Otro cigarrillo, acompañado de los nervios de Tom. Hubiera dado cualquier cosa por una buena copita de aguardiente de Zara, «… ellas son las que llevan todo el trabajo y las que se apoderado de todas las propiedades. Podría decir que el día de ayer fuel el día en que a los hombres nos pusieron… No han llegado a tanto, pero sí que han establecido un sistema de vestidos que diferencia los sexos, e incluso a los viejos que provenimos de otra civilización nos han obligado a usarlo. Por mi parte, prefiero no salir de casa a ir haciendo el ridículo por ahí con esas blusas de colores y esos pantalones anchos, que casi parecen faldas cortas. Sin embargo, los hombres de la nueva generación, la mayor parte de los cuales tienen casi treinta años, no han tenido inconveniente en aceptar esa moda.
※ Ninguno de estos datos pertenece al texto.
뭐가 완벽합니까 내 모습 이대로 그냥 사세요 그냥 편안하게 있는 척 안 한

»Y no sólo esa moda, sino el trato que conlleva. La maldita Bárbara Negretti dice que es preciso administrar las reservas seminales del estado, el uso de los instrumentos masculinos y los procedimientos de germinación. Está transformando al hombre en un vil objeto sexual. ¡Y a la mayor parte les gusta! No a mí, no al anciano doctor La Bruna, que trabaja sin cesar en su pobre laboratorio, pero a estos jóvenes sin vergüenza alguna…
»… la muerte cerca, y por eso escribo este diario. Hace una semana murió el doctor La Bruna, y me dejó para leer un estudio suyo, diciéndome que ya era tarde, que era ya muy difícil cambiar nada, pero que si alguien quisiera… Así que lo añado al final para que estas hojas vayan a parar a donde Dios y la Virgen de Palermo les den a entender, y que si llegan a manos de alguien, algún día, haga, si puede, el uso que más convenga.
»Firmado: Nathan Wilder, hombre entero, capitán de la expedición fallida a alfa NU-6006. Y, como dicen las mujeres, dueñas de este planeta… ¡Malditas sean las computadoras de la Tierra!»
Las hojas que venían a continuación llevaban el título Modificaciones genéticas en Nueva Italia, por el doctor Angelo La Bruna. Tom, durante unos minutos, devoró ávidamente su contenido. Eran bastante más legibles que las memorias del capitán Wilder, sin duda por haber sido escritas en una clase de papel más resistente. Mucho de lo que allí ponía era término técnico de tipo médico, medianamente comprensible para Tom. Pero el final, las conclusiones, estaban escritas en italiano simple y puro, y lo que allí decía dejó a Tom con la respiración cortada, casi sin saber dónde estaba. Entonces, ¿es que era posible…?
«Chuint, chuint… ¡Crack!».
El vástago de acero que rotaba la antena de radar acababa de detenerse en seco. Del piso de arriba llegó un rumor de conversaciones excitadas.